Monday, Feb. 22, 1926

Doubtful Victory

As the week opened, the Deputies of the Left parties, composing former Premier Herriot's famed but unstable Cartel des Gauches, continued their efforts (amid great confusion) to get the Cartel finance bill voted item by item (TIME, Feb. 15, et ante).

The Government, with its own bill up its sleeve, stood grimly by and watched the Cartelist Deputies struggle to such negligible effect that M. Lamoureux, reporter of the Cartel measure, repeatedly threatened to resign in utter disgust.

None the less whenever Finance Minister Doumer attempted to come forward and effect a rational compromise on the various disputed items of the bill, the Cartelists rallied and rebuffed him by passing articles and amendments distasteful to him, notably an admittedly impracticable measure to require registration of all unregistered securities in order that they might be taxed more easily. This particular article passed the Chamber 287 to 233, although even its authors knew that it could never pass the Senate.

Next the super-demagogs of the Chamber attached an amendment to an article dealing with agrarian taxation providing that farmers should be allowed to evaluate the labor of their wives and children as "a contribution to the state" and then deduct this nebulous "value" from their tax payments. The Deputies, not daring to offend their rural constituents, voted this measure 416 to 100. M. Jacques Dumesnil, one of the chief sponsors of the Cartel bill as a whole, groaned aloud. Protesting at the top of his lungs he cried: "Imbeciles! Scelerats!! All you are capable of voting is that the largest class of electors shall pay nothing!" As the tumult mounted to utter bedlam, the President of the Chamber put on his hat and stalked from the room, thus officially declaring the Chamber not in session. The disgusted gentleman who stalked was none other than M. Herriot himself, the ostensible leader of the fractious Cartel!

Meanwhile Premier Briand received a deputation of 280 Senators out of a Senate numbering 311. These men had at last been roused to a notable pitch of alarm by the now almost hackneyed "national emergency." They assured M. Briand that they would stand behind him should he attempt "to enforce action from the Deputies." They let it leak out that, before putting up with a great deal more nonsense from the Deputies, they would cause the Chamber to be dissolved and order new elections held or even place the government in the hands of a dictature.
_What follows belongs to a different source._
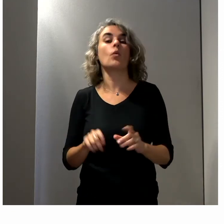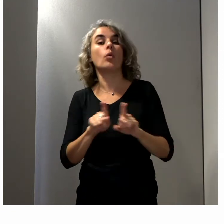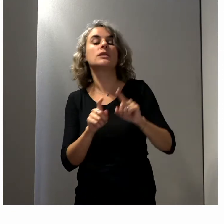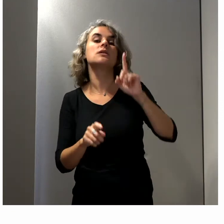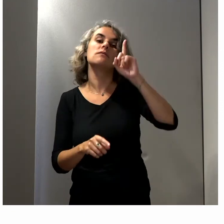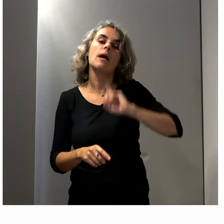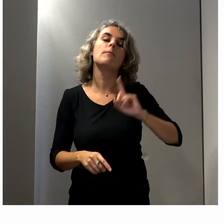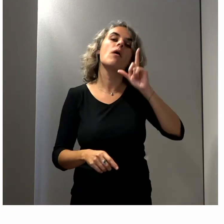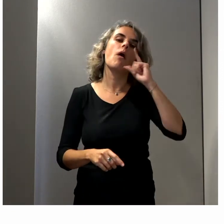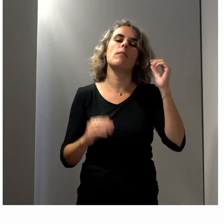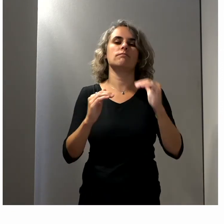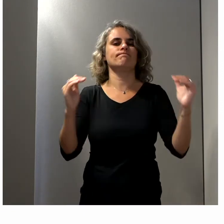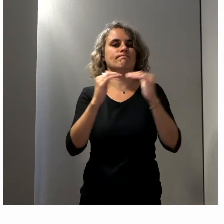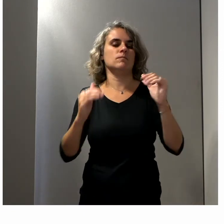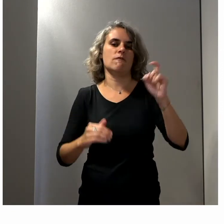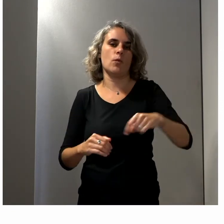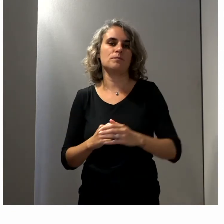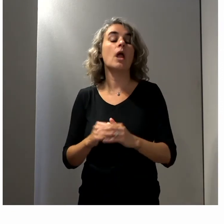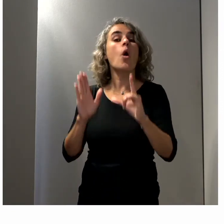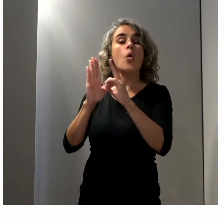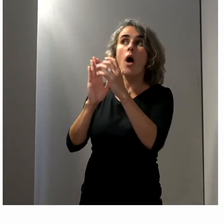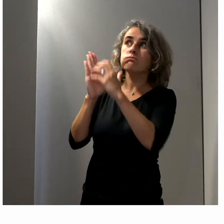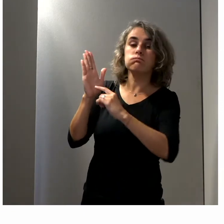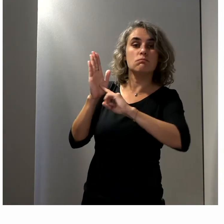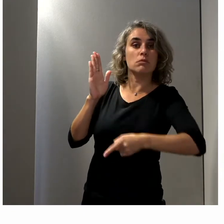Voilà, il y a cette nécessité. Il n'y pas de texte de loi

Fortified by this support, the Premier strode to the Chamber and called for a vote of confidence, an act of daring which he has studiously avoided for weeks, fearing defeat. Suddenly confronted with the necessity for decisive action, the Cartel split once more. Only its extreme left wing, the Communists and Unified Socialists, stood out against the Government. The bulk of the Cartel supported M. Briand, who emerged victorious 326 to 183. Observers remained completely skeptical as to the significance of this apparent "victory." Throughout its checkered career the Cartel has been "split" and yet reunited itself times without number. The legislative accomplishments of the week totaled exactly nil.